I predict that as government is compelled to withdraw from LTC financing dominance:
Medicaid will have to become a real welfare program. Its home equity exemption will disappear or be radically reduced. Consumers will use their home equity to pay privately for long-term care. They’ll employ reverse mortgages for that purpose.
That new source of private financial oxygen will reinvigorate all providers across the whole continuum of long-term care.
Over time, after watching their own inheritances consumed by their parents’ long-term care costs, the next generation will finally see the merit of private LTC insurance and begin to buy it.
Medicare will stop being “social insurance” paid for by and available to all. It will be means-tested and become a program for the poor, and hence, as the saying goes, “a poor program,” like Medicaid.
Acute health care will drift away from mostly public funding toward mostly private financing through health savings accounts and high-deductible insurance.
After 50 years of consuming our economic seed corn by moving ever more fully away from private and toward public financing of long-term care, demographic and economic reality will force us back to the kind of freer market that made the country great in the first place.
Now, before I conclude and turn to your questions, let me anticipate your first query.
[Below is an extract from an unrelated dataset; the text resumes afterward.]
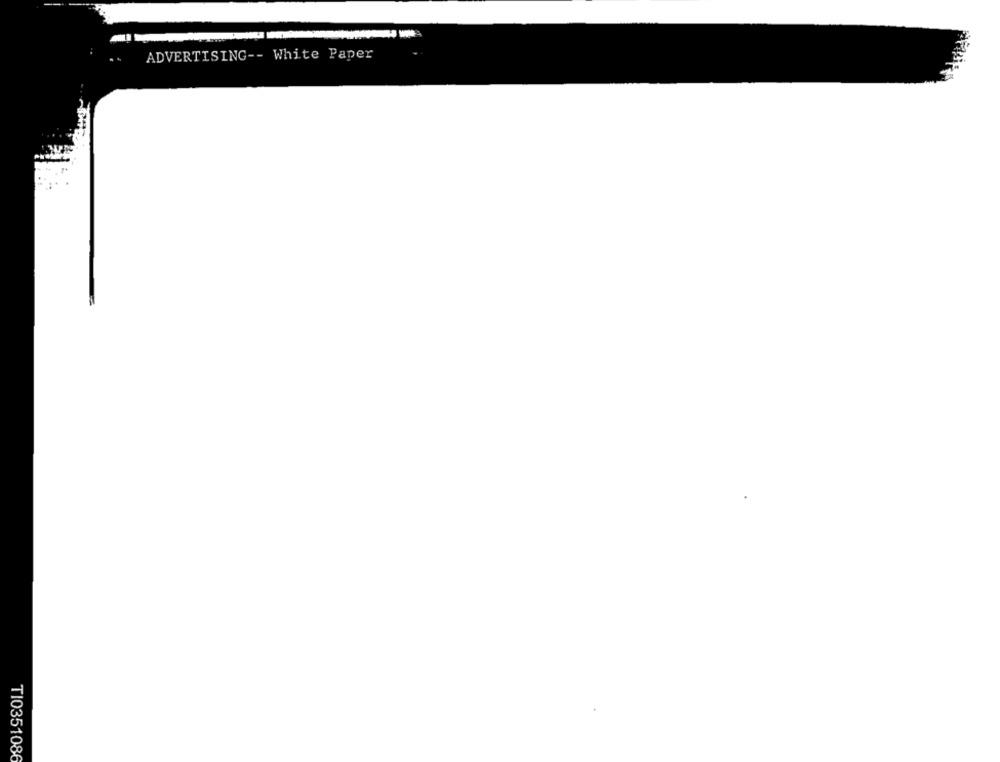
ADVERTISING -- White Paper
TI0351086

You might ask:
“Well Steve, you’ve painted a pretty dismal picture. Why are you so worried that this whole publicly financed long-term care house of cards may soon come crashing down?”
I’m glad you asked.
My organization, the Center for Long-Term Care Reform, has developed a tool to measure and analyze that risk.
We call it the “Index of Long-Term Care Vulnerability.” We’ve applied the Index to the LTC service delivery and financing systems in four states so far: Virginia, New Jersey, Georgia, and most recently, New Hampshire.
You can find our reports on each of those projects by opening the link on my handout which will take you to an online version of the handout where all the links in it are live.
Our Index of LTC Vulnerability analyzes the sustainability of current long-term care systems by examining published data in each of seven key issue areas. These are:
The Index of Long-Term Care Vulnerability comes with an interactive score sheet which allows the user to apply weights and scores for each factor of analysis in order to estimate, albeit subjectively, the potential vulnerability of the national and each state’s long-term care service delivery and financing system.
Check it out and let me know what you think.
Well, that’s my take on where we are, how we got here, and what’s likely to happen next. Thanks for your attention. I’ll be glad to answer questions.